Idea behind conducting usability testing is to understand how easy and hard it is for your users to use your app/website, do specific tasks, understanding what user expect v/s what you’re delivering.
Scenarios are the core of any usability test as you have to correctly communicate your participants, what you want them to do during the test. Well crafted task scenario helps you focus on designing around the real needs of the user and removes artificiality from the test.
Scenario example for booking an airline ticket
You want to fly to LA next Monday morning for a UX conference and return back on Thursday morning. You have to book the flight that suits your timing, with a credit card.
As you can see, above scenario makes the task much more realistic as we’ve provided user only a scenario which requires users to complete 3 different tasks-
- Signup/login on the app
- Search for flight as per the schedule
- Book the flight
So, what makes a good scenario? Let’s dig deeper.
A good scenario -
- Short but enough information to perform the task
- Use User’s language, not the product’s
- Simple and Clear
- Should address your tasks and concerns
- Short but enough information to perform the task:
Time needed to read and understand the task has to be minimized as much as possible. Having a long written task scenarios may require users to spend undue time in reading and understanding what they have to do during the test which may indirectly influence the overall time and effort to complete the task.
You have to find a balance in keeping the scenario short and relieving enough information to perform the task. It’s also suggested to communicate the task with users as the way you talk and not sound very scientific.
Task Scenario Example: You are interested in buying a jacket for yourself this month end. Select the jacket having discount more than 30% and save it in the cart.
2. Use user’s language, not the product’s:
Main aim of conducting usability test is to understand how a user will use it in their real environment without getting any support from external audience (Moderator, developers…). So, providing users with the enough detail is important but it should be in the language that user can relate to and not the one which is used in product.
For example, You may have Icons, menu options or labeled button, in your UI. Concern could be to see if users choose right Icons, menu options or labeled button to complete a task or not.
Now if you assign a task to your user which says “Signup for the CanvasFlip’s weekly newsletters” and your labeled button has CTA as “Signup for newsletters”.

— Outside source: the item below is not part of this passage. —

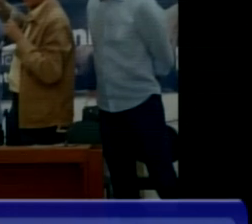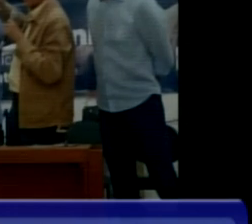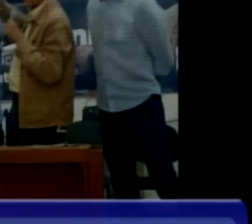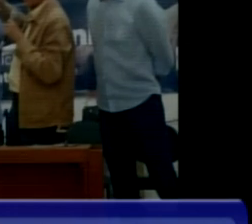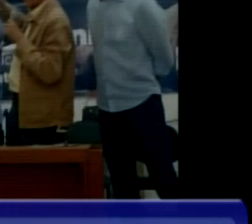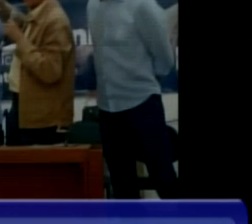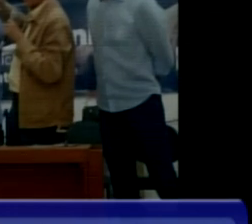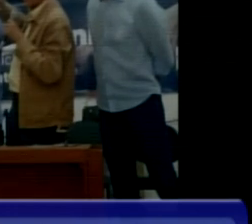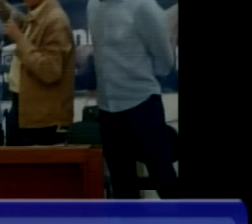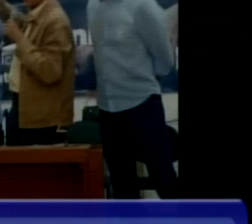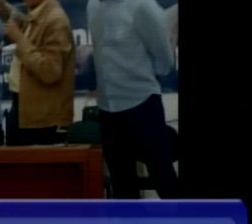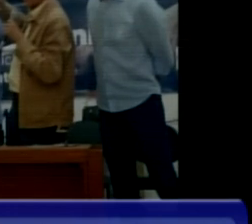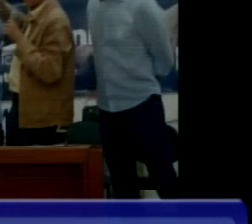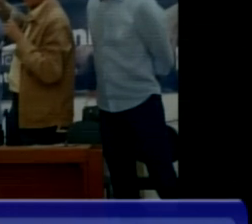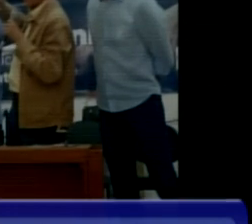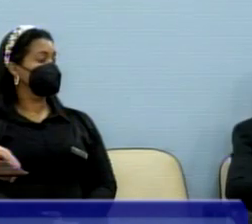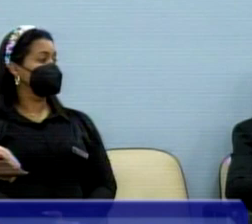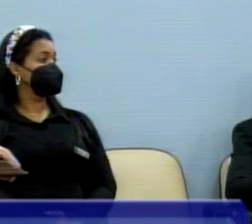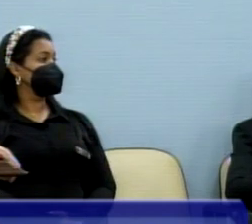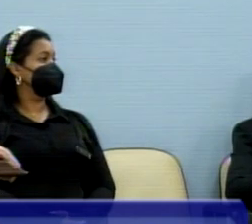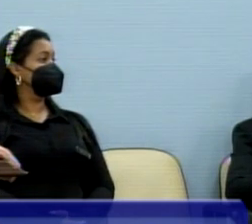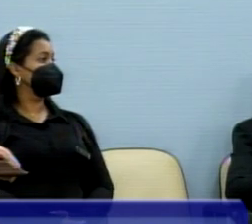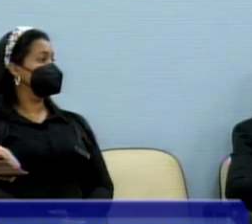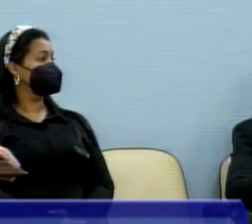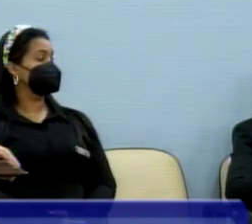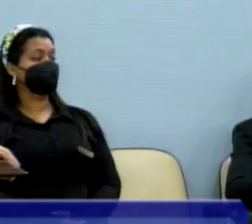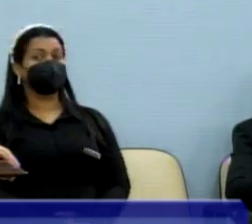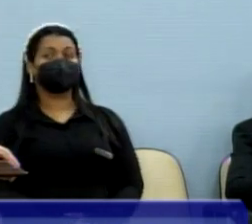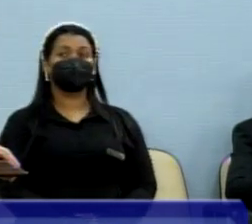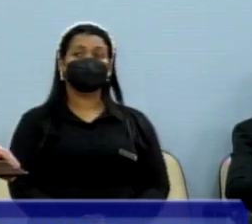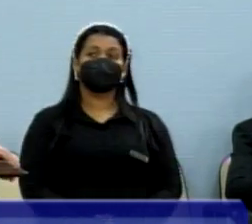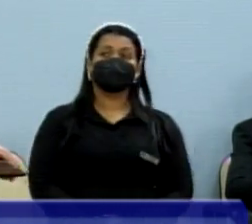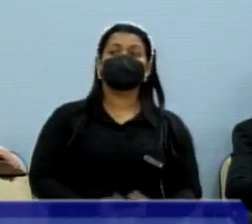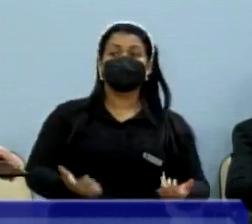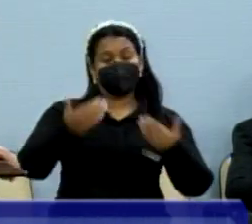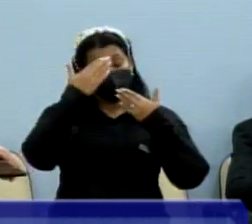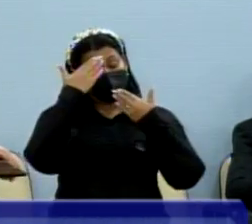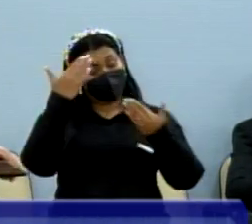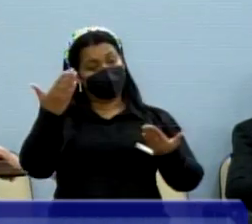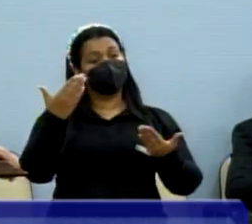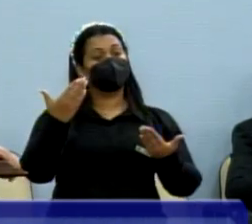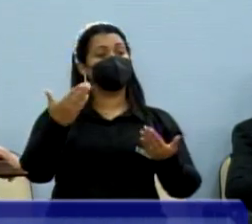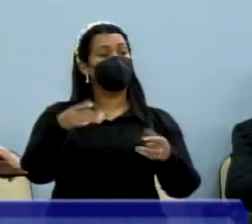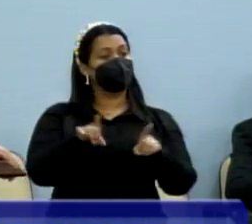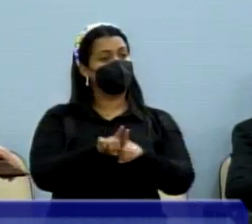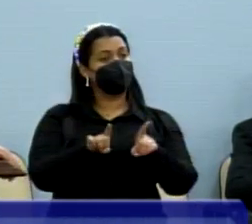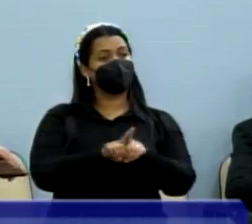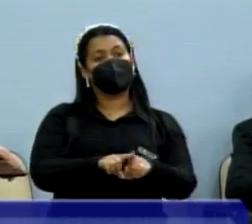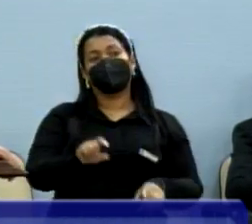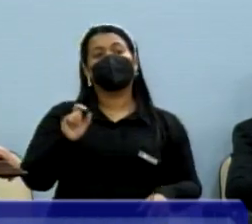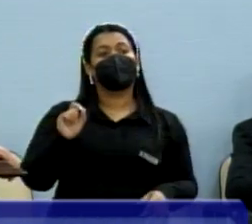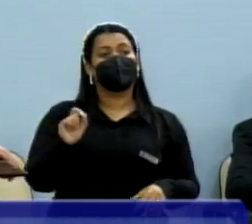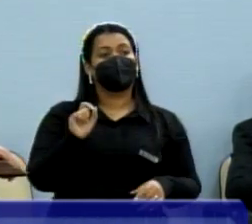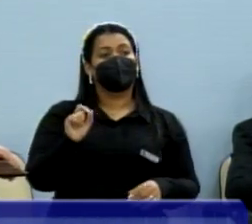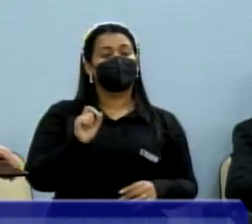Municipal, no qual atendeu o pedido desse vereador. Quero agradecer a

Think from user’s perspective, do you have to use your brain to click on this CTA? Obviously not !
In the above scenario, you may get a result that shows maximum no. of users being able to click on the CTA but their is no guarantee that you will get desired result in the real environment too because this behavior of user is influenced by the bad scenario you created.
Takeaway — Try to create scenarios which requires users to think before they act! For this you can rephrase your task as -
“Look for a way to stay informed on upcoming events/news from CanvasFlip on a regular basis through email ”
3. Simple and Clear:
You will get desired result if and only if your task scenario is clear to your users that means they have no ambiguity in understanding what you want them to do. I have personally seen UX’ers committing a common mistake which is creating scenarios which in itself is ambiguous.
To understand this, let’s check out following scenario created by one of my friend working with online travel company.
Goal was to see how comfortable users are in searching and booking a cheapest flight from their app.
Scenario they created : You have to attend a business meeting next month in Madrid and for that you have to find a cheapest flight available and book it.
And not surprisingly, the result they got was very vague and was of no use. Here’s the glimpse of result:
When user started doing it, almost all of them picked random date from next month to complete the task and surprisingly 27% users booked more than one flights.
So what went wrong with the scenario?
Scenario was not specific about the date for which the flight has to be booked and that made users confused and do random stuffs. This small mistake ruined all effort, time and money they put in conducting the test.
A better version of scenario that could have been used-
You have to attend a business meeting in Madrid on 22nd Nov. Find a cheapest flight available and book it. (Simple and Clear)
4. Should address your tasks and concerns:
Every scenario we create has to address one or more tasks and each task should be intended to address one or more concerns we have with the app/ website.
It’s must to have scenarios that are aligned with your business goals, for example, if your concern is to improve sales in your e-commerce portal, you would probably be interested in knowing whether it’s easy for your customers to find and purchase a given product or not.
You want to attend a party thrown by your best friend. Buy a T-shirt for that between $25 — $40 having delivery time less than 2 days.
Scenario helps mimic real-world context that users can easily relate to, and finally helps them to behave in a natural way. Though, task scenarios are critically important in analyzing usability and user experience of an interface, it’s more important to curate right task scenarios. It determines how useful and accurate your testing results would be. Being able to do so requires experience, understanding of the goal/concern, and continuous effort in refining your skills in writing tasks.